Start of Data listing

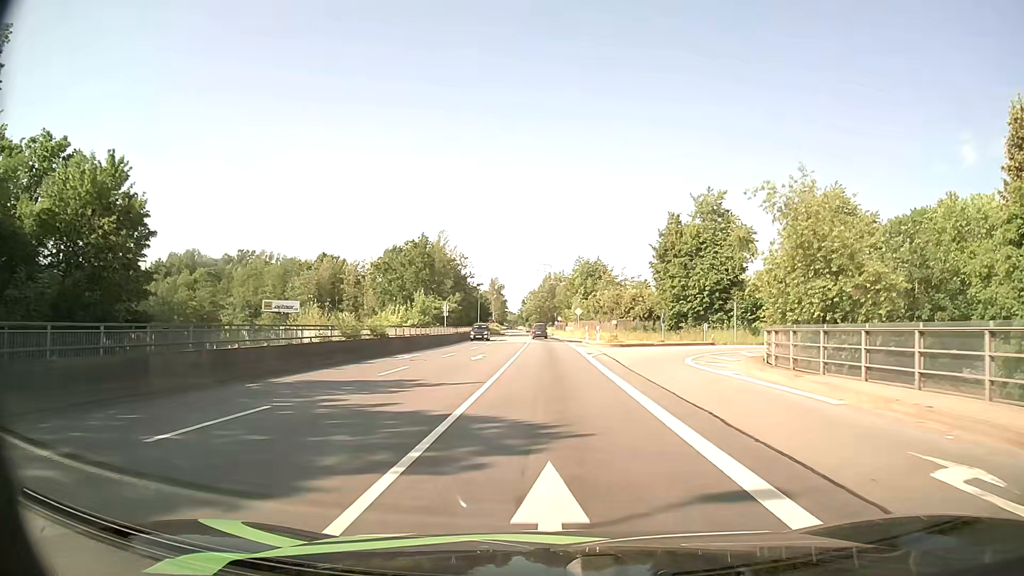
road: primary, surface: asphalt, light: Day
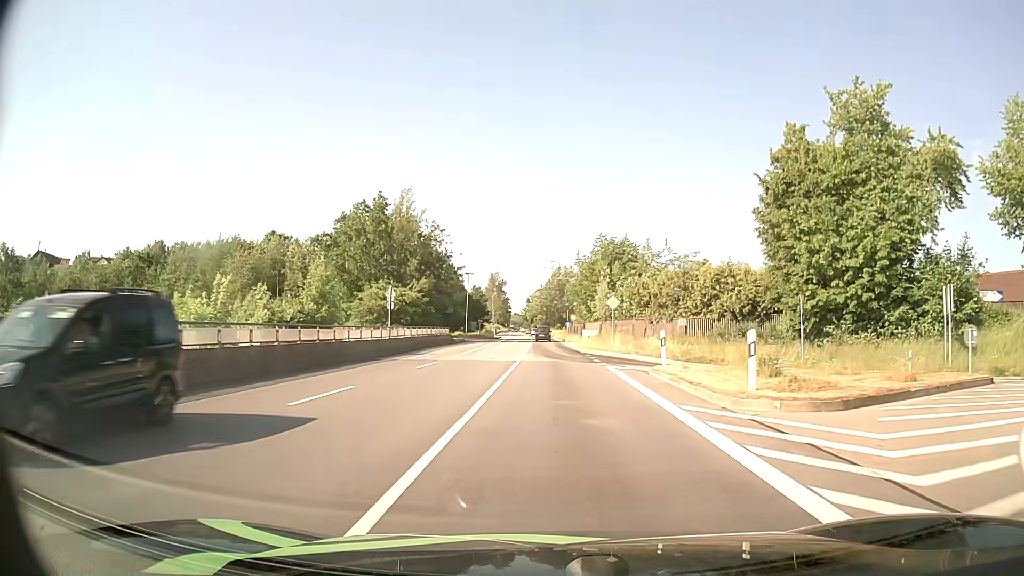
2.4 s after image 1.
(-0.4, +31.6) m; -1°
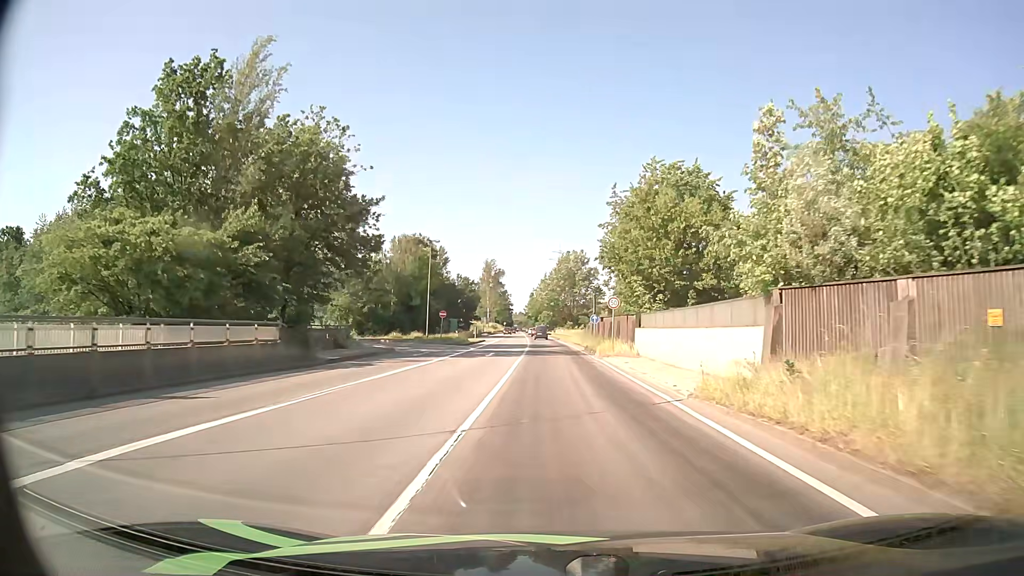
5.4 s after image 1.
(-0.1, +39.5) m; 0°
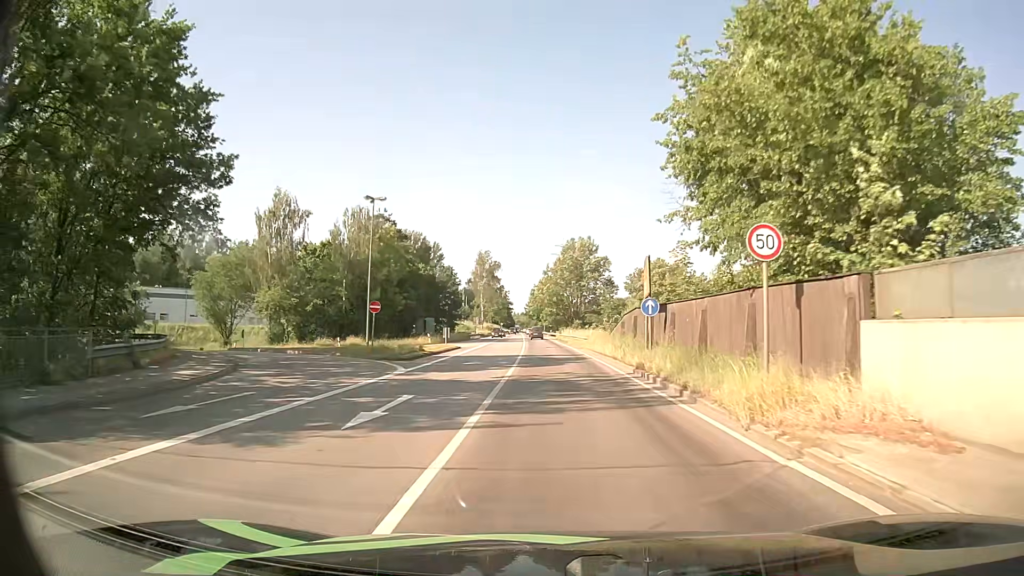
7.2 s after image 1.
(-0.1, +23.8) m; 0°
(0, +10) (0, +20) (0, +30) (0, +40) (0, +50) (0, +60) (-1, +70) (-1, +80) (-2, +90) (-2, +100) m

End of Data listing

◆ Exercise prompt ◆
Restate each entry word for word; omit the pictures.

◆ Task response ◆
road: primary, surface: asphalt, light: Day
2.4 s after image 1.
(-0.4, +31.6) m; -1°
5.4 s after image 1.
(-0.1, +39.5) m; 0°
7.2 s after image 1.
(-0.1, +23.8) m; 0°
(0, +10) (0, +20) (0, +30) (0, +40) (0, +50) (0, +60) (-1, +70) (-1, +80) (-2, +90) (-2, +100) m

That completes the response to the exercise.